I reached across the table and gave Tristan’s hand a squeeze.
“So, what looks good,” Tristan said.
“What doesn’t?”
Our waiter arrived, took our drink orders, and departed.
“So, what are you thinking about ordering?” Tristan asked.
“I’m thinking the grilled salmon with fettuccine—rich tomato-basil cream with grilled fresh salmon, pine nuts, olives, onion, Romano cheese, chives, garlic, and basil.”
“That does sound good, but I’m leaning toward the Caesar’s salad with grilled chicken breast,” Tristan said. “Crisp romaine, freshly grated parmesan and croutons tossed with our classic Caesar dressing.”
“I’d wonder if just a salad is enough, but I’ve seen the salads here,” I said.
“I planned ahead and didn’t eat lunch so I’d have a shot at finishing it.”
“I’m sure I’ll be taking part of my supper home.”
“School is going to be over in a month, can you believe it?” Tristan asked.
“I can’t wait. I like school, but juggling school and work gets to be a little much. I plan on putting in more hours this summer, but I’ll still have more free time than now.”
“I’m going to miss everyone.”
“You’ll still see everyone this summer. We all hang out.”

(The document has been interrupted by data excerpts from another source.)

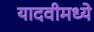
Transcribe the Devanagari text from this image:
यादवीमध्ये
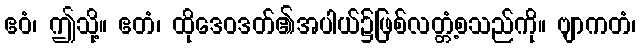
ဧဝံ၊ ဤသို့။ ဧတံ၊ ထိုဒေဝဒတ်၏အပါယ်၌ဖြစ်လတ္တံ့စသည်ကို။ ဗျာကတံ၊
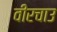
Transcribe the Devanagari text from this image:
वीरचाउ
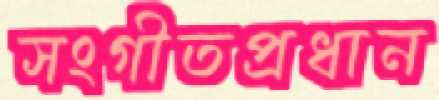
সংগীতপ্রধান
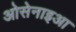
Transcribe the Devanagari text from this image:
ओसेनाइआ
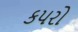
કપરો
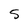
Character: S
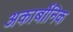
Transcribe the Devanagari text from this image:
अकार्बोनिक
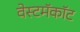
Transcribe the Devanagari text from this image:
वेस्टमॅकॉट
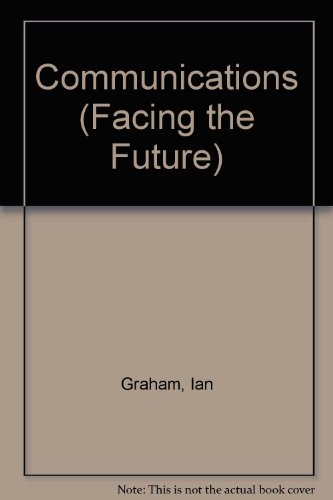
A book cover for Communications (Facing the Future); Ian Graham; Children's Books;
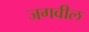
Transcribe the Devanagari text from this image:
जगवील
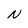
Character: N
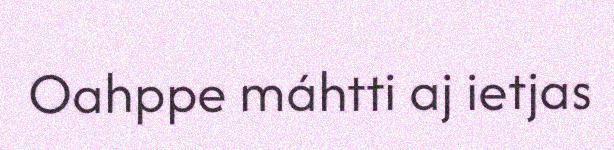
Oahppe máhtti aj ietjas
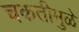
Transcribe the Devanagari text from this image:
चकतीमुळे
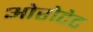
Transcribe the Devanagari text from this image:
ओरोटेट
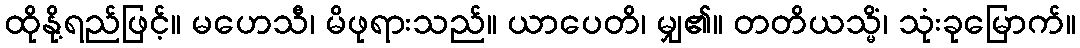
ထိုနို့ရည်ဖြင့်။ မဟေသီ၊ မိဖုရားသည်။ ယာပေတိ၊ မျှ၏။ တတိယသ္မိံ၊ သုံးခုမြောက်။
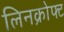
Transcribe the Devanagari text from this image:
लिनक्रोफ्ट
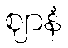
ဈာနံ
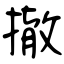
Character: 撤
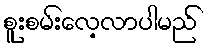
စူးစမ်းလေ့လာပါမည်
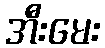
အီးမေး
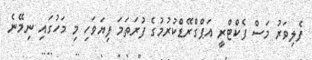
ފެލިވަރު މަސް ފެކްޓްރީ އަޕްގްރޭޑްކުރުމުގެ ފުރަތަމަ ފިޔަވަހި މި މަހުގައި ނިމޭނެ
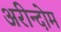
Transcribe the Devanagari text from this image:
अरीन्दोम
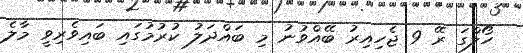
ހޯލްގަ ރޭ 9 ޖެހިއިރު ބޭއްވުނު މި ބައްދަލު ކުރުމުގައި ބައިވެރިވީ މާލެ
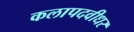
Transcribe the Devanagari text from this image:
कलापदवीधर
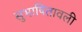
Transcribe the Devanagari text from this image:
सुभाषितावली
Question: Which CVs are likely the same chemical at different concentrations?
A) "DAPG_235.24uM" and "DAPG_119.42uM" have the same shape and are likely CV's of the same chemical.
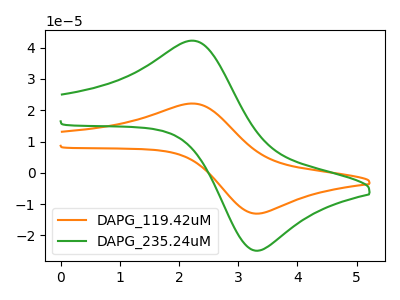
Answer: <think>The orange curve "DAPG_119.42uM" has an anodic peak at (2.20V, 22.15uA) and a cathodic peak at (3.35V, -13.05uA). The green curve "DAPG_235.24uM" has an anodic peak at (2.20V, 42.25uA) and a cathodic peak at (3.35V, -24.90uA).
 All the peaks in "DAPG_119.42uM" have a peak in "DAPG_235.24uM" at the same potential. Every peak in "DAPG_119.42uM" is lower than every peak in "DAPG_235.24uM".</think>
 <answer>A) "DAPG_235.24uM" and "DAPG_119.42uM" have the same shape and are likely CV's of the same chemical.</answer>
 <eval>A</eval>
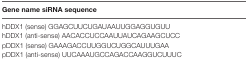
| Gene name siRNA sequence |
 | --- |
 | hDDX1 (sense) GGAGCUUCUGAUAAUUGGAGGUGUU |
 | hDDX1 (anti-sense) AACACCUCCAAUUAUCAGAAGCUCC |
 | pDDX1 (sense) GAAAGACCUUGGUCUGGCAUUUGAA |
 | pDDX1 (anti-sense) UUCAAAUGCCAGACCAAGGUCUUUC |
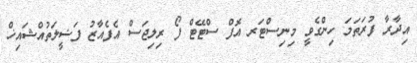
އިދާރާ ފުރަތަމަ ހިންގެވީ މިނިސްޓަރ އޮފް ސްޓޭޓް ފޯ ރިލިޖަސް އެފެއާޒު ފަޟީލަތުއްޝައިޚް
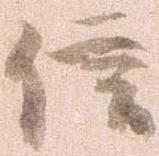
信
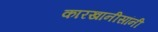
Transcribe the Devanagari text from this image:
कारखानीसांनी
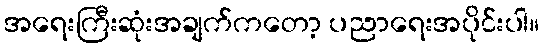
အရေးကြီးဆုံးအချက်ကတော့ ပညာရေးအပိုင်းပါ။
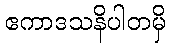
ဧကာဒသနိပါတမှိ
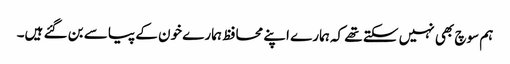
ہم سوچ بھی نہیں سکتے تھے کہ ہمارے اپنے محافظ ہمارے خون کے پیاسے بن گئے ہیں۔
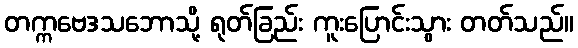
တက္ကဗေဒသဘောသို့ ရုတ်ခြည်း ကူးပြောင်းသွား တတ်သည်။
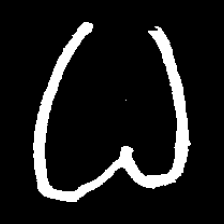
Pyu character \u2014 Myanmar letter: ဓ (romanized: dha)
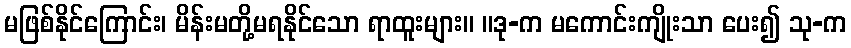
မဖြစ်နိုင်ကြောင်း၊ မိန်းမတို့မရနိုင်သော ရာထူးများ။ ။ဒု-က မကောင်းကျိုးသာ ပေး၍ သု-က
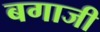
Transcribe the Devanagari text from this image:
बगाजी
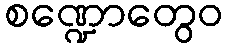
စဏ္ဍောတွေဝ
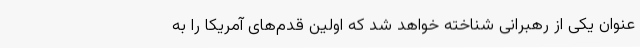
عنوان یکی از رهبرانی شناخته خواهد شد که اولین قدم‌های آمریکا را به
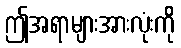
ဤအရာများအားလုံးကို
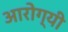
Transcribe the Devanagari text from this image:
आरोग्यी
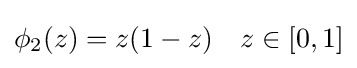
\phi _{2}(z)=z(1-z)\quad z\in [0,1]
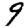
Digit: 9
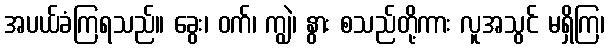
အပယ်ခံကြရသည်။ ခွေး၊ ဝက်၊ ကျွဲ၊ နွား စသည်တို့ကား လူအသွင် မရှိကြ၊
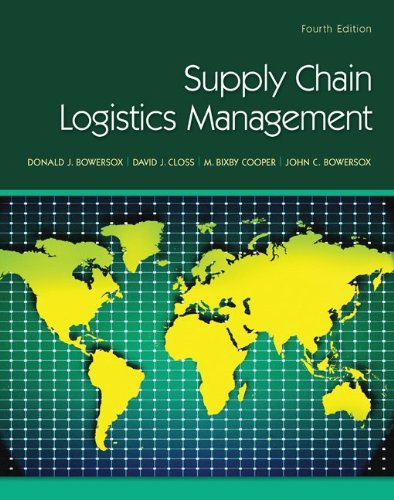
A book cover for Supply Chain Logistics Management; Donald Bowersox; Business & Money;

“True, but it won’t be the same as seeing everyone daily.”
“I hope you and I can spend a lot of time together,” I said.
“Me, too, but I’ll also need time to myself.”
“Absolutely. I need alone time, too, and it’s hard to get when Tim is around so much. Don’t worry. I know I’ve been your stalker, but I’m not the clingy type. I want to do my own thing, too.”
“I wouldn’t say you’ve been stalking me. Close, but not quite.”
Tristan grinned, and my heart soared. Yeah, yeah, I know. How sappy, right? I don’t care!